Genau das aber wäre aus Sicht der Ökonomen kontraproduktiv, denn die Konjunktur trübt sich merklich ein. Die Wirtschaftsweisen reduzieren ihre Wachstumsprognose für das laufende Jahr von 2,3 auf nur noch 1,6 Prozent, für das kommende Jahr erwarten sie 1,5 Prozent. Diese Wachstumsraten seien aber mit Fragezeichen versehen, da die Risiken für diese Konjunkturprognose stark zugenommen hätten. Vor allem die Eskalation des Handelskonflikts zwischen den USA und China könne das deutsche Wachstum ausbremsen. Aber auch ein ungeordneter Brexit oder ein Wiederaufflammen der Euro-Krise durch die Zuspitzung der Lage in Italien könnten das Wachstum bremsen.Anzeichen für eine Rezession sehe der Rat derzeit aber nicht, betonte Rats-Chef Christoph Schmidt.

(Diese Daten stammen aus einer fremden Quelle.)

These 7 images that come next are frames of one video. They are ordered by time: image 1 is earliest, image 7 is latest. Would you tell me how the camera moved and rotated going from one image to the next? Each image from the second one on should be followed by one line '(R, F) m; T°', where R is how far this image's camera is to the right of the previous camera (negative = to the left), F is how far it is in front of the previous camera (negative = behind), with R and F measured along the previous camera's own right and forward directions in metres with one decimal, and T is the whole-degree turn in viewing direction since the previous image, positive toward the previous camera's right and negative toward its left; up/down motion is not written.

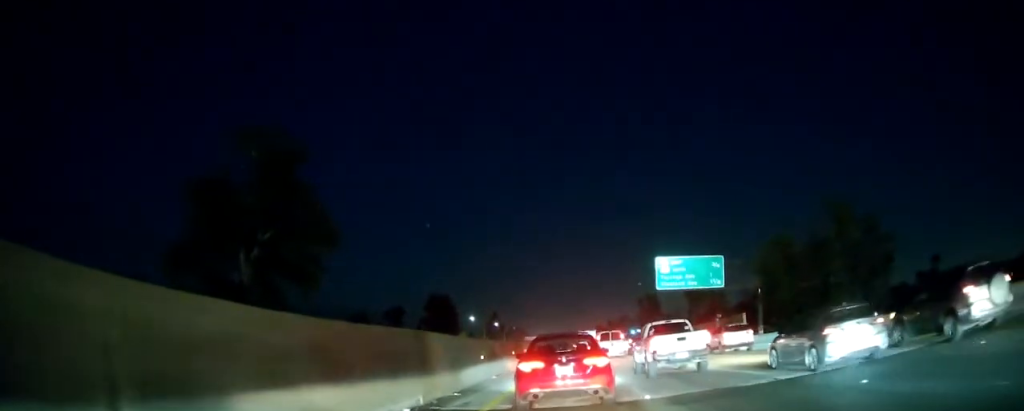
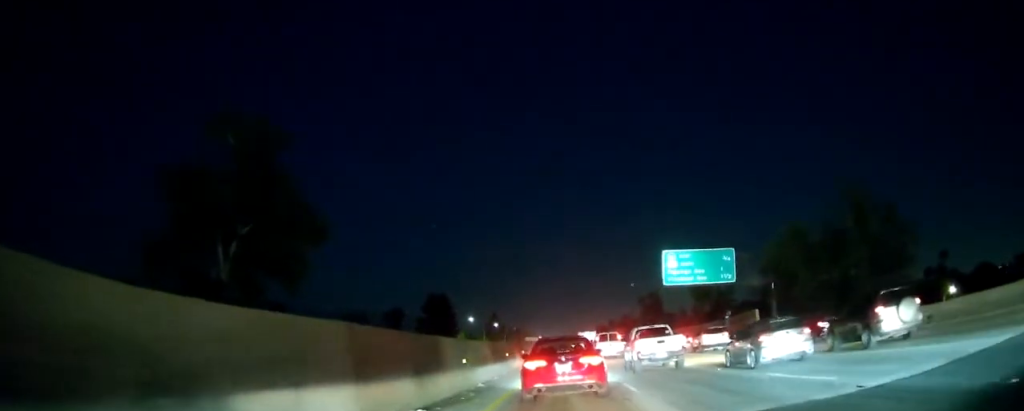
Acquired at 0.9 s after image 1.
(0.0, +3.5) m; 0°
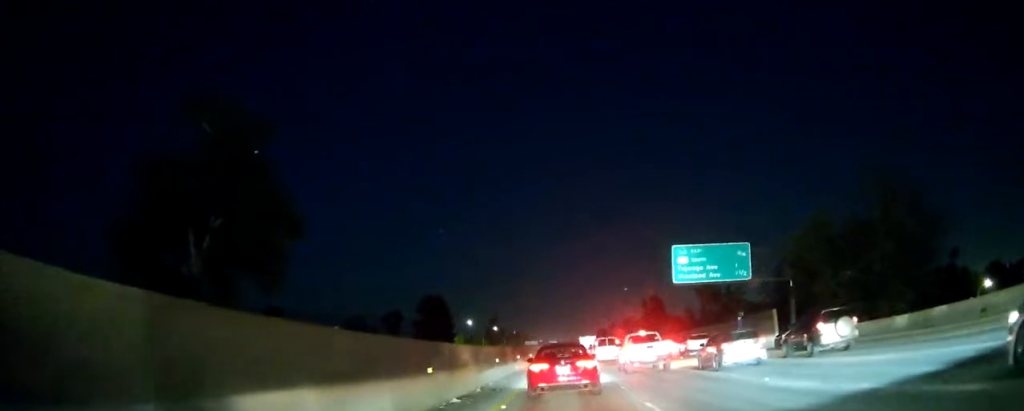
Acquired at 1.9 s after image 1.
(0.0, +4.3) m; 0°
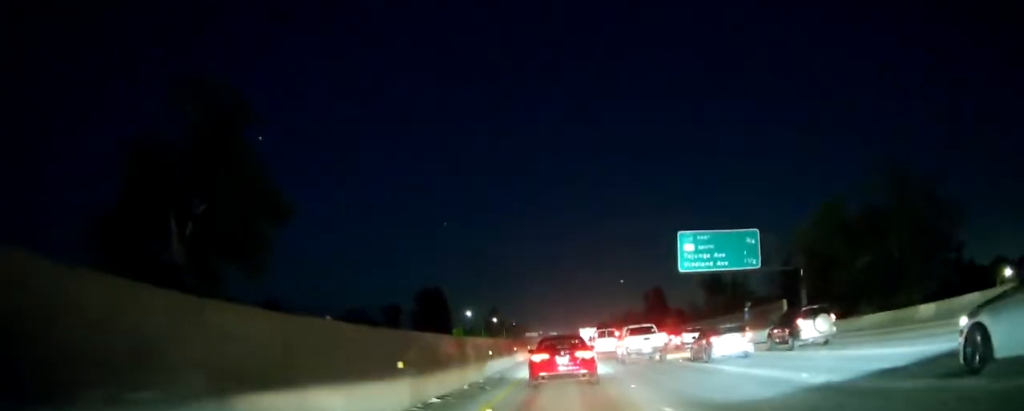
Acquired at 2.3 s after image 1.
(0.0, +2.1) m; 0°
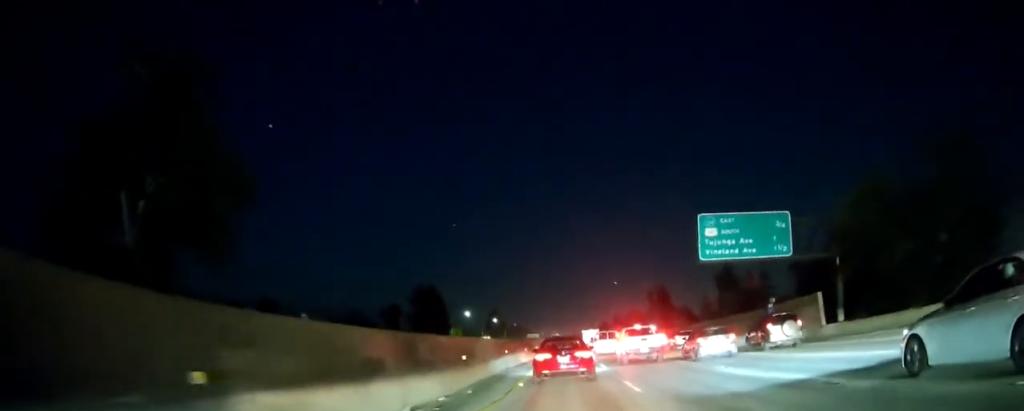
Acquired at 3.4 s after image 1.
(0.0, +6.0) m; 0°
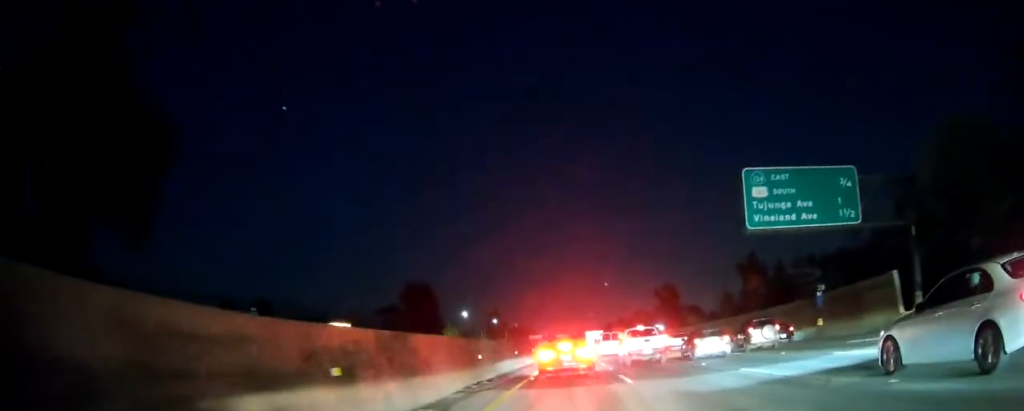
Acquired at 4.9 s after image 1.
(0.0, +10.4) m; -1°
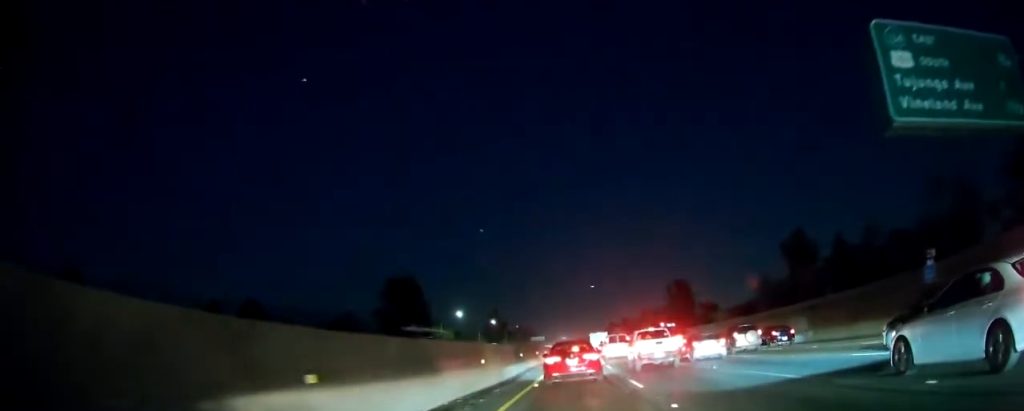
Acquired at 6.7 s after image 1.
(-0.4, +14.8) m; -1°

„Italien bereitet uns große Sorgen. Die Märkte reagieren bereits verunsichert, die Risikoprämien für Banken haben sich stark erhöht“, sagte Ratsmitglied Isabel Schnabel. „Ich gehe aber davon aus, dass es noch Möglichkeiten gibt eine Lösung zu finden.“ Die EU-Kommission habe keine andere Wahl, als den italienischen Haushalt mit seinem hohen Defizit zurück zu weisen. „Wenn die Kommission da nicht standhaft bleibt, verliert sie ihre Glaubwürdigkeit“, sagte auch der Ökonom Volker Wieland.